WHAT IS BEING ASKED
Reproduce every record below exactly, without the pictures.

AVAILABLE RECORDS
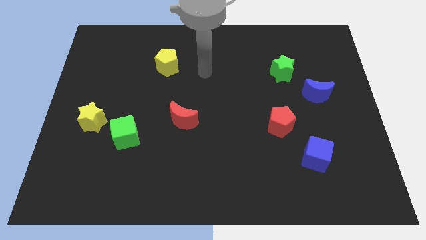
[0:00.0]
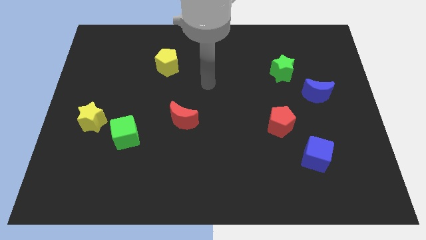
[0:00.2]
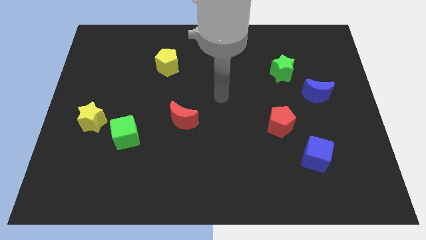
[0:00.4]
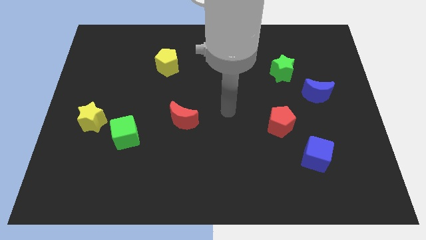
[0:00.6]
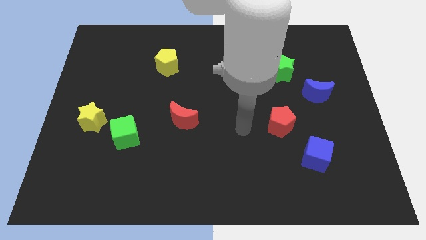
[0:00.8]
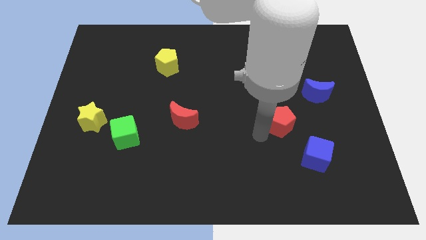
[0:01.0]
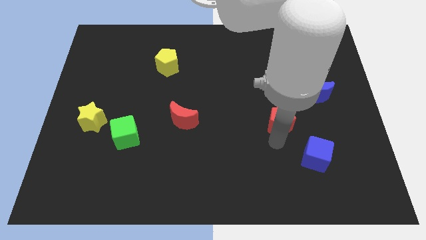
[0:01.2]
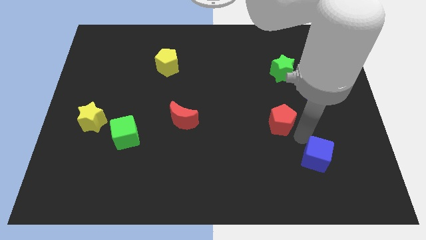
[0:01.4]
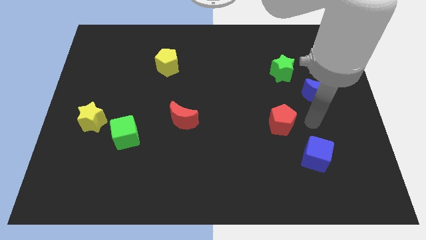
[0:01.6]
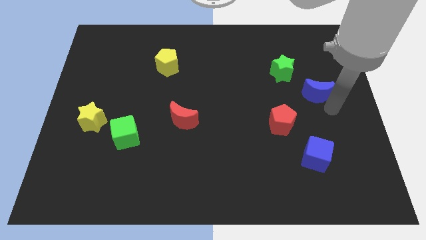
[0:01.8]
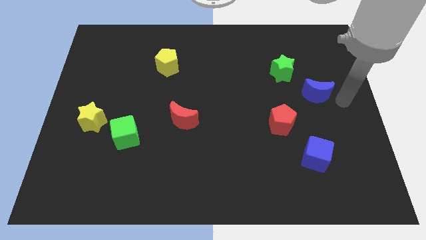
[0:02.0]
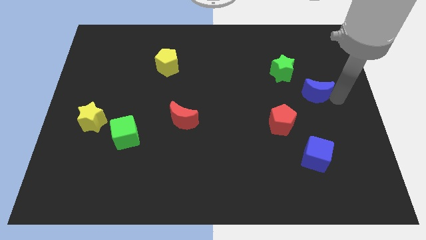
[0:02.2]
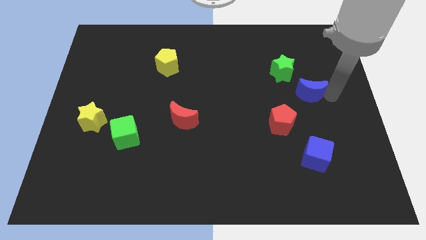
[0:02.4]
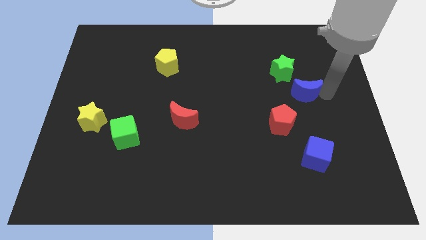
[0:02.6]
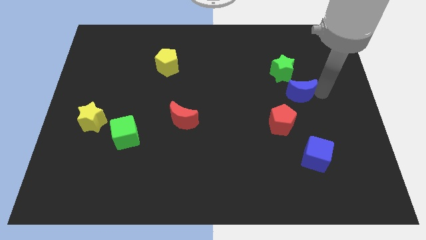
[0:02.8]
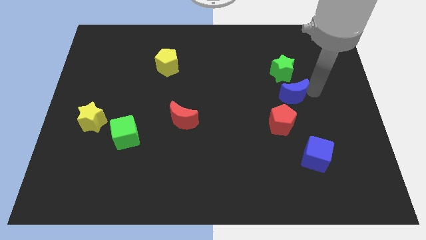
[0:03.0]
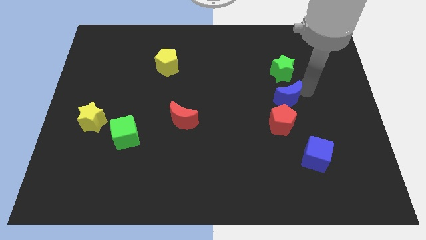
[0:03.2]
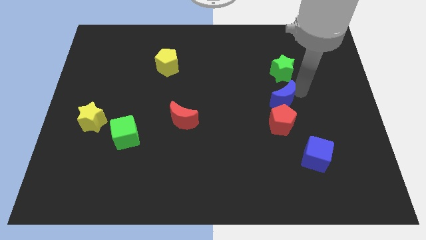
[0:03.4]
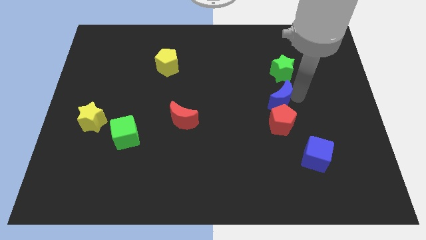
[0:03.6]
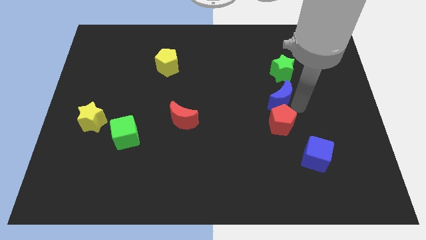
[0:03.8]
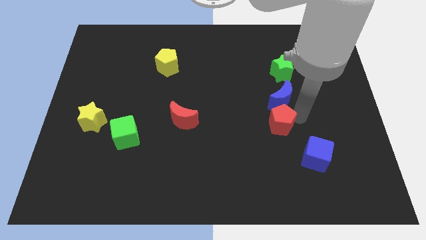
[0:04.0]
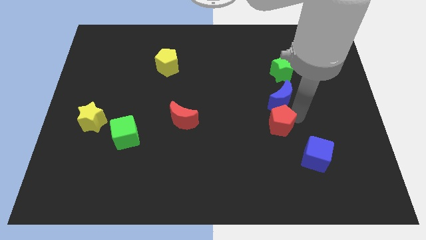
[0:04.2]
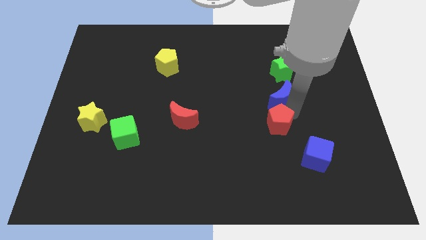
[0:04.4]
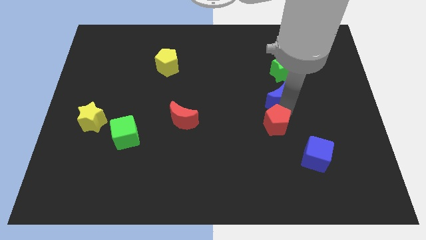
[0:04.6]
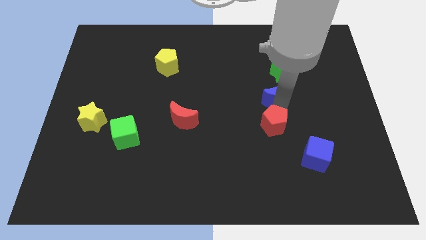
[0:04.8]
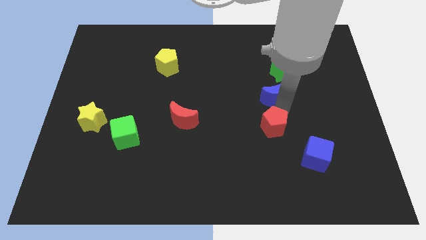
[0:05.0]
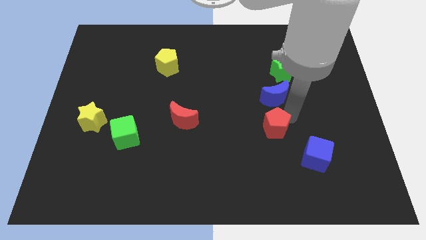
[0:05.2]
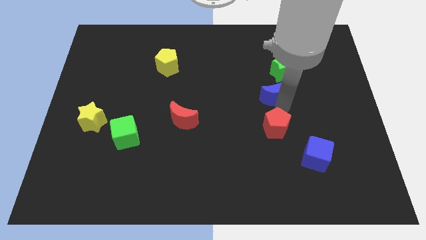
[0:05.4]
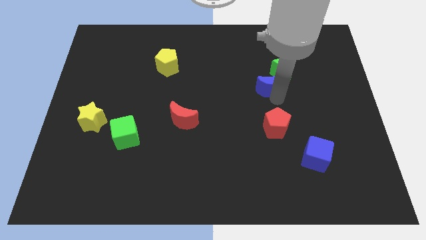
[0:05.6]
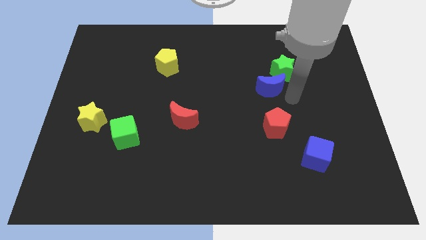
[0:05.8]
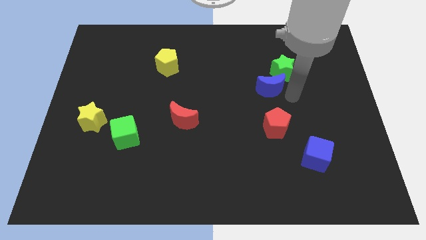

EXPECTED ANSWER
[0:00.0]
[0:00.2]
[0:00.4]
[0:00.6]
[0:00.8]
[0:01.0]
[0:01.2]
[0:01.4]
[0:01.6]
[0:01.8]
[0:02.0]
[0:02.2]
[0:02.4]
[0:02.6]
[0:02.8]
[0:03.0]
[0:03.2]
[0:03.4]
[0:03.6]
[0:03.8]
[0:04.0]
[0:04.2]
[0:04.4]
[0:04.6]
[0:04.8]
[0:05.0]
[0:05.2]
[0:05.4]
[0:05.6]
[0:05.8]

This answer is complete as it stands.